-- INPUT FOR THIS TASK --
******
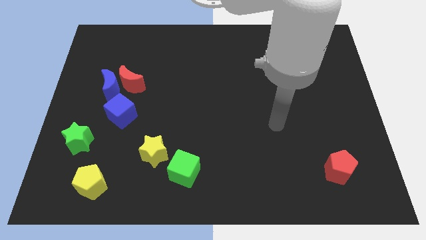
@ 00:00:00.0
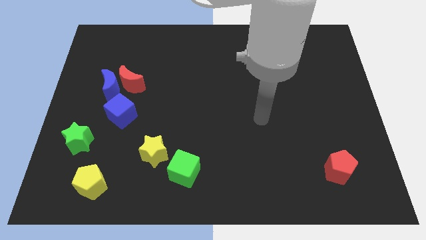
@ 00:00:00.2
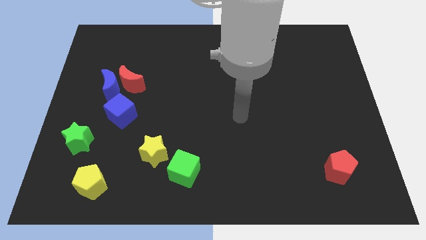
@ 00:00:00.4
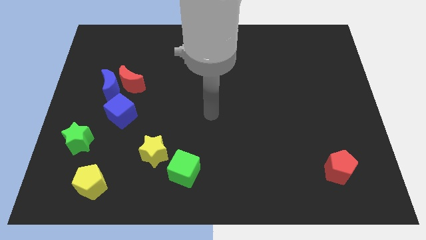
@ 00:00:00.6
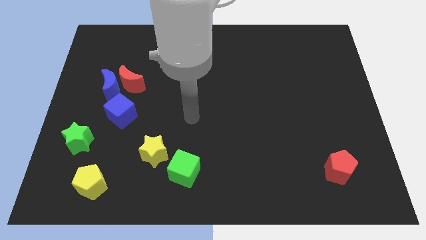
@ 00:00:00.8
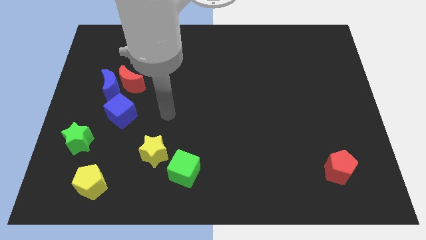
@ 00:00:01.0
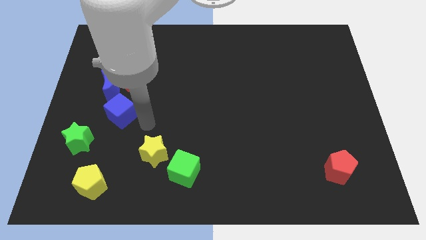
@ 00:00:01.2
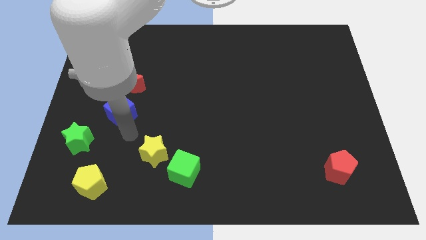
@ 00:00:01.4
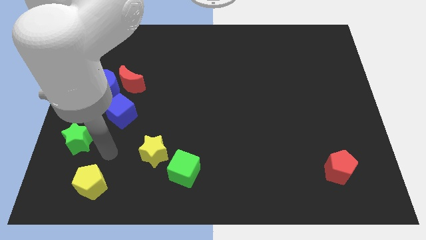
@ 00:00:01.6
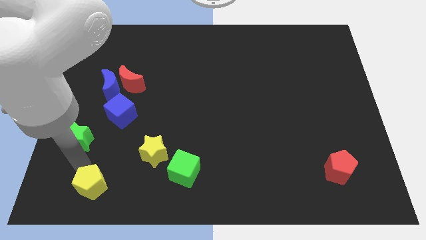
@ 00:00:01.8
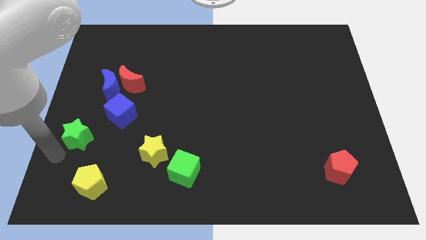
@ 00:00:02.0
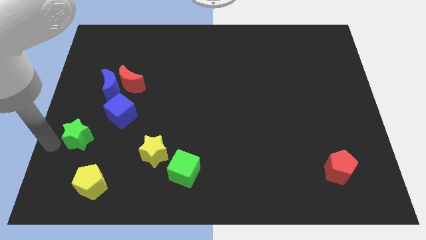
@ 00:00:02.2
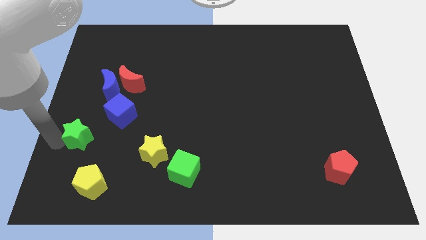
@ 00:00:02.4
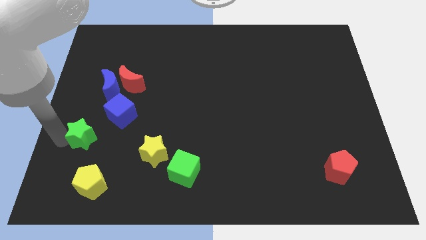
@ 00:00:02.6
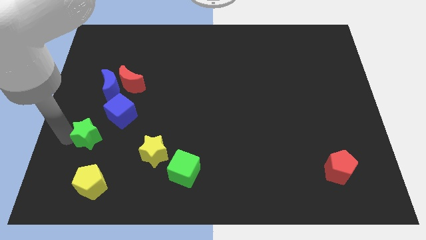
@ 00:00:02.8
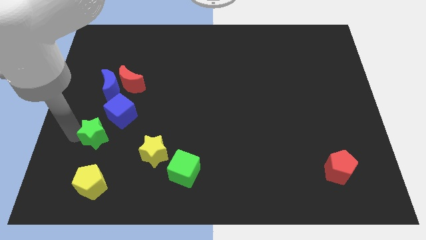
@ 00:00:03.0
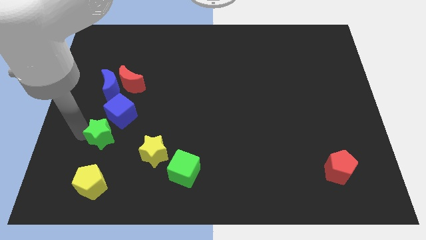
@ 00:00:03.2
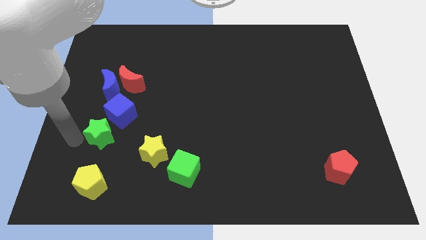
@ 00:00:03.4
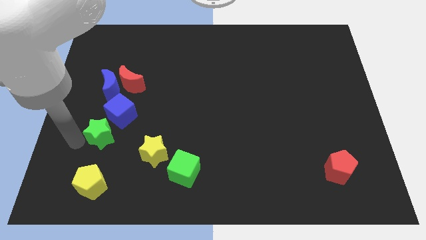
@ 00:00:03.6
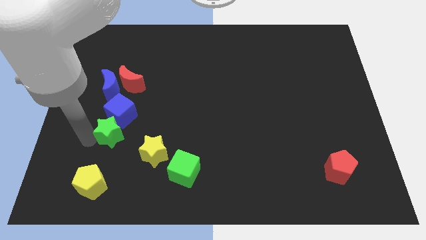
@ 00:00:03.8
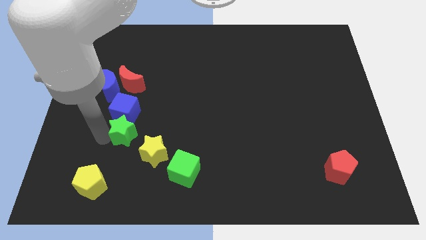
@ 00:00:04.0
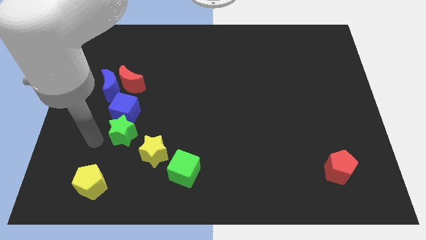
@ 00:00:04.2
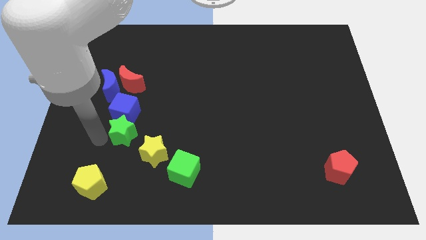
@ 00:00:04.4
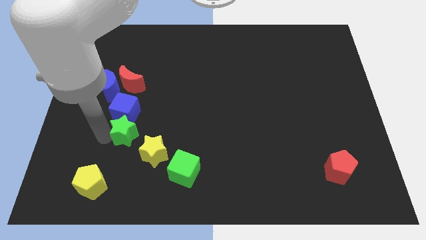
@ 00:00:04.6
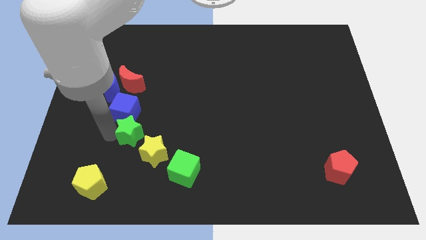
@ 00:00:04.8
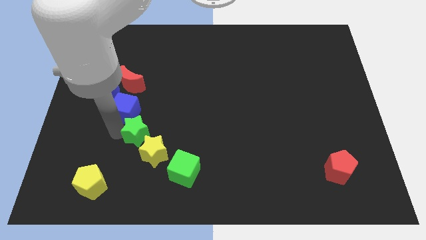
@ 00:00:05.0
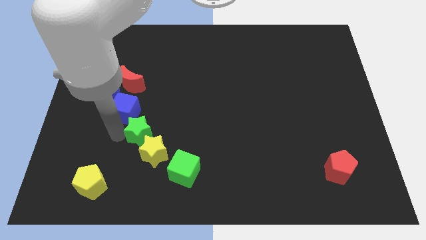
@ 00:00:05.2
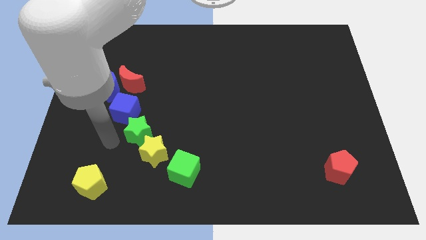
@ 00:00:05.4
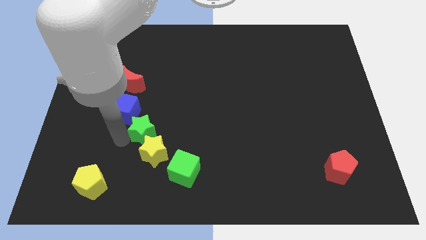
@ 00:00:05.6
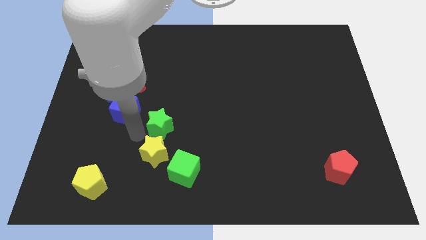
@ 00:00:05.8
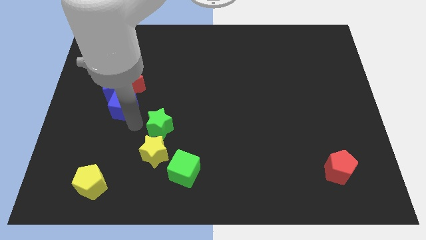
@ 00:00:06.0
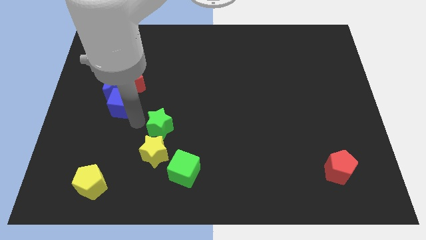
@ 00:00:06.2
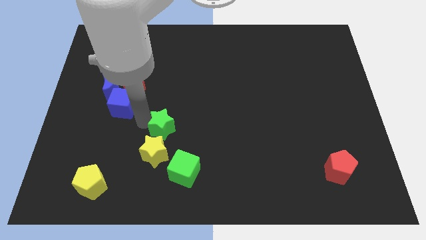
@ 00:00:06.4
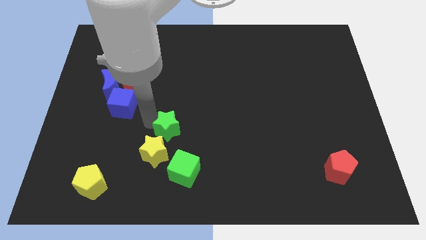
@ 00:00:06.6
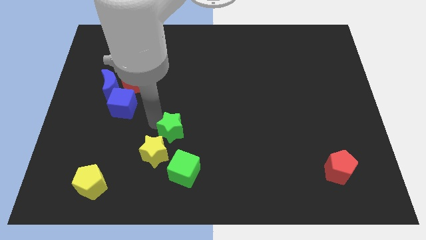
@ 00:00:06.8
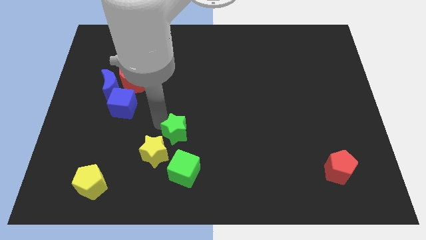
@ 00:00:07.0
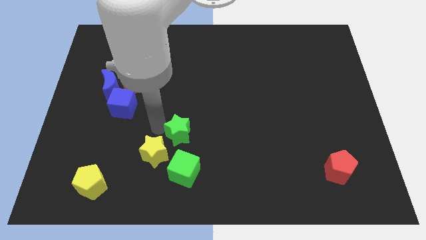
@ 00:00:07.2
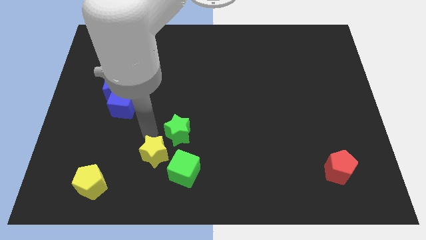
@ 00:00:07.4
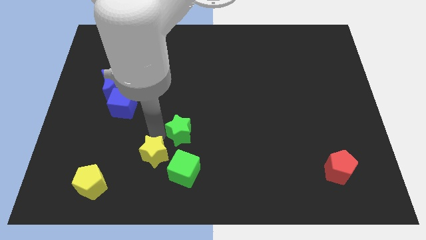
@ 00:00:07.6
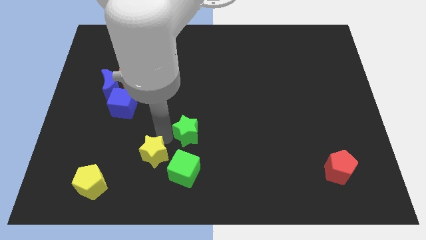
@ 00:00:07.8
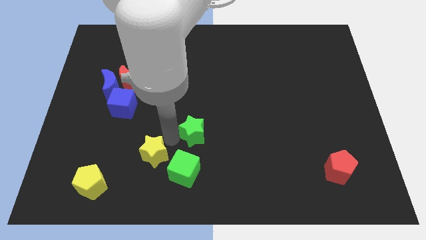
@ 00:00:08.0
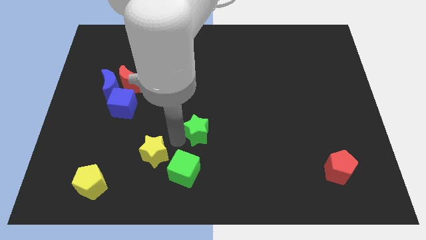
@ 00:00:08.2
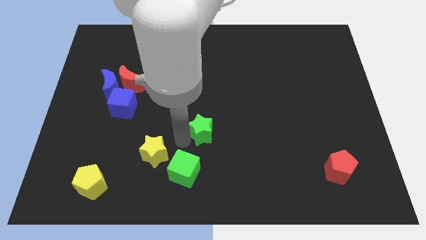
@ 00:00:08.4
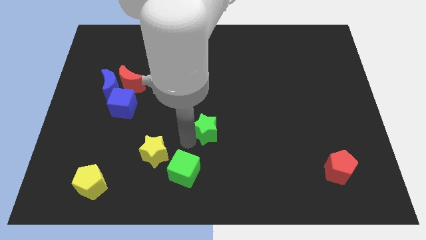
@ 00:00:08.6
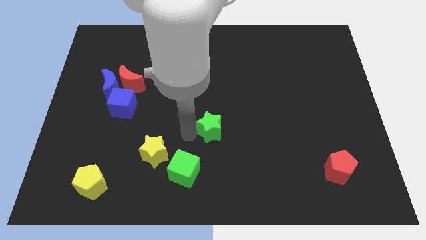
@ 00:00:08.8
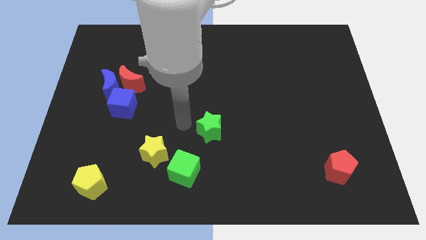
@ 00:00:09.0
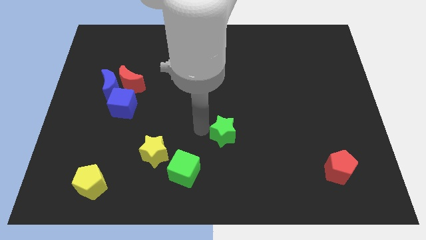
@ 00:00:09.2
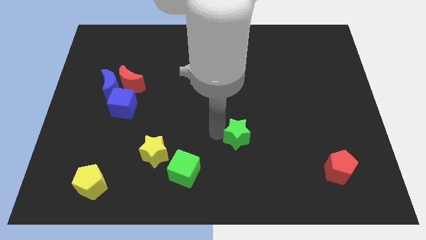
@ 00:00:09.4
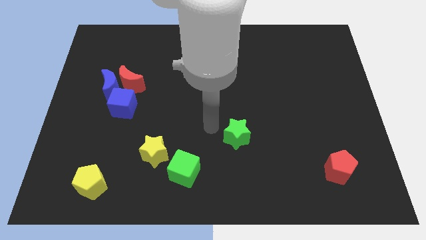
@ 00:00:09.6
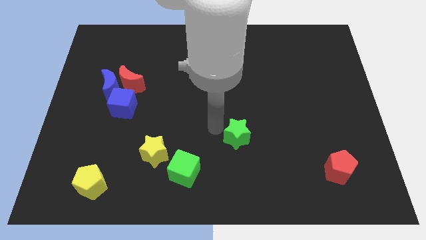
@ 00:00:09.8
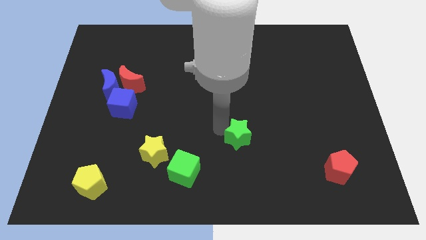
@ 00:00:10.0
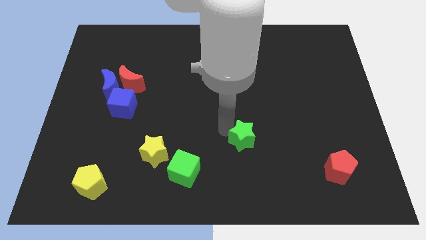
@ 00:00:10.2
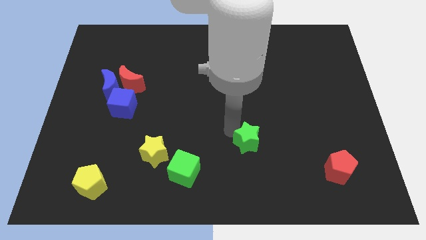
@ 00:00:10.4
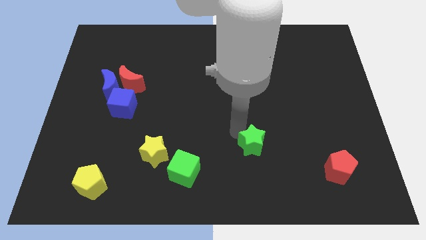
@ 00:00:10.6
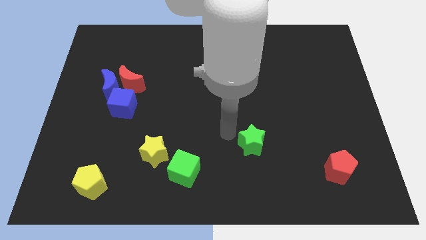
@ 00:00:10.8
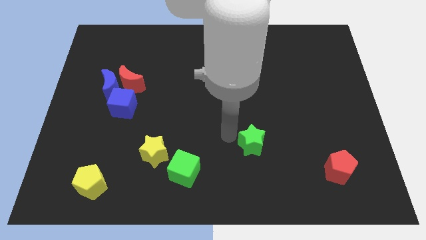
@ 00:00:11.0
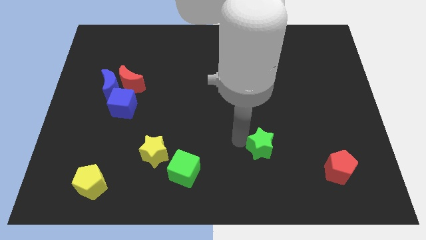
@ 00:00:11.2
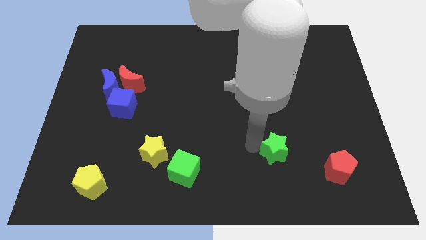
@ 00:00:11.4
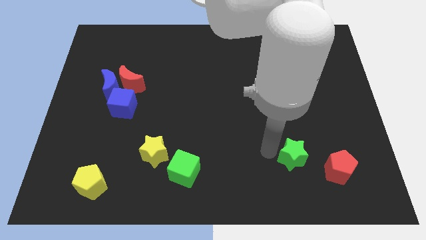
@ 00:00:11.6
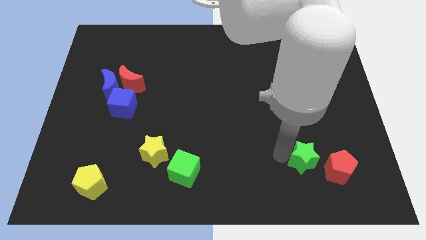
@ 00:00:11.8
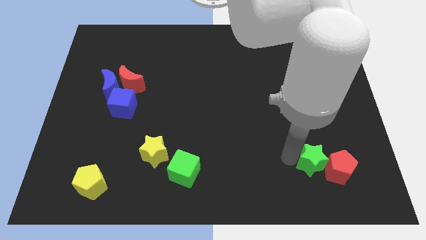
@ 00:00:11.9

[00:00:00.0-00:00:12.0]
slide the green star to the red pentagon
******
-- PROBLEM REQUIREMENTS --
Omit the pictures, then output the rest of the listing exactly.

-- PROBLEM SOLUTION --
@ 00:00:00.0
@ 00:00:00.2
@ 00:00:00.4
@ 00:00:00.6
@ 00:00:00.8
@ 00:00:01.0
@ 00:00:01.2
@ 00:00:01.4
@ 00:00:01.6
@ 00:00:01.8
@ 00:00:02.0
@ 00:00:02.2
@ 00:00:02.4
@ 00:00:02.6
@ 00:00:02.8
@ 00:00:03.0
@ 00:00:03.2
@ 00:00:03.4
@ 00:00:03.6
@ 00:00:03.8
@ 00:00:04.0
@ 00:00:04.2
@ 00:00:04.4
@ 00:00:04.6
@ 00:00:04.8
@ 00:00:05.0
@ 00:00:05.2
@ 00:00:05.4
@ 00:00:05.6
@ 00:00:05.8
@ 00:00:06.0
@ 00:00:06.2
@ 00:00:06.4
@ 00:00:06.6
@ 00:00:06.8
@ 00:00:07.0
@ 00:00:07.2
@ 00:00:07.4
@ 00:00:07.6
@ 00:00:07.8
@ 00:00:08.0
@ 00:00:08.2
@ 00:00:08.4
@ 00:00:08.6
@ 00:00:08.8
@ 00:00:09.0
@ 00:00:09.2
@ 00:00:09.4
@ 00:00:09.6
@ 00:00:09.8
@ 00:00:10.0
@ 00:00:10.2
@ 00:00:10.4
@ 00:00:10.6
@ 00:00:10.8
@ 00:00:11.0
@ 00:00:11.2
@ 00:00:11.4
@ 00:00:11.6
@ 00:00:11.8
@ 00:00:11.9

[00:00:00.0-00:00:12.0]
slide the green star to the red pentagon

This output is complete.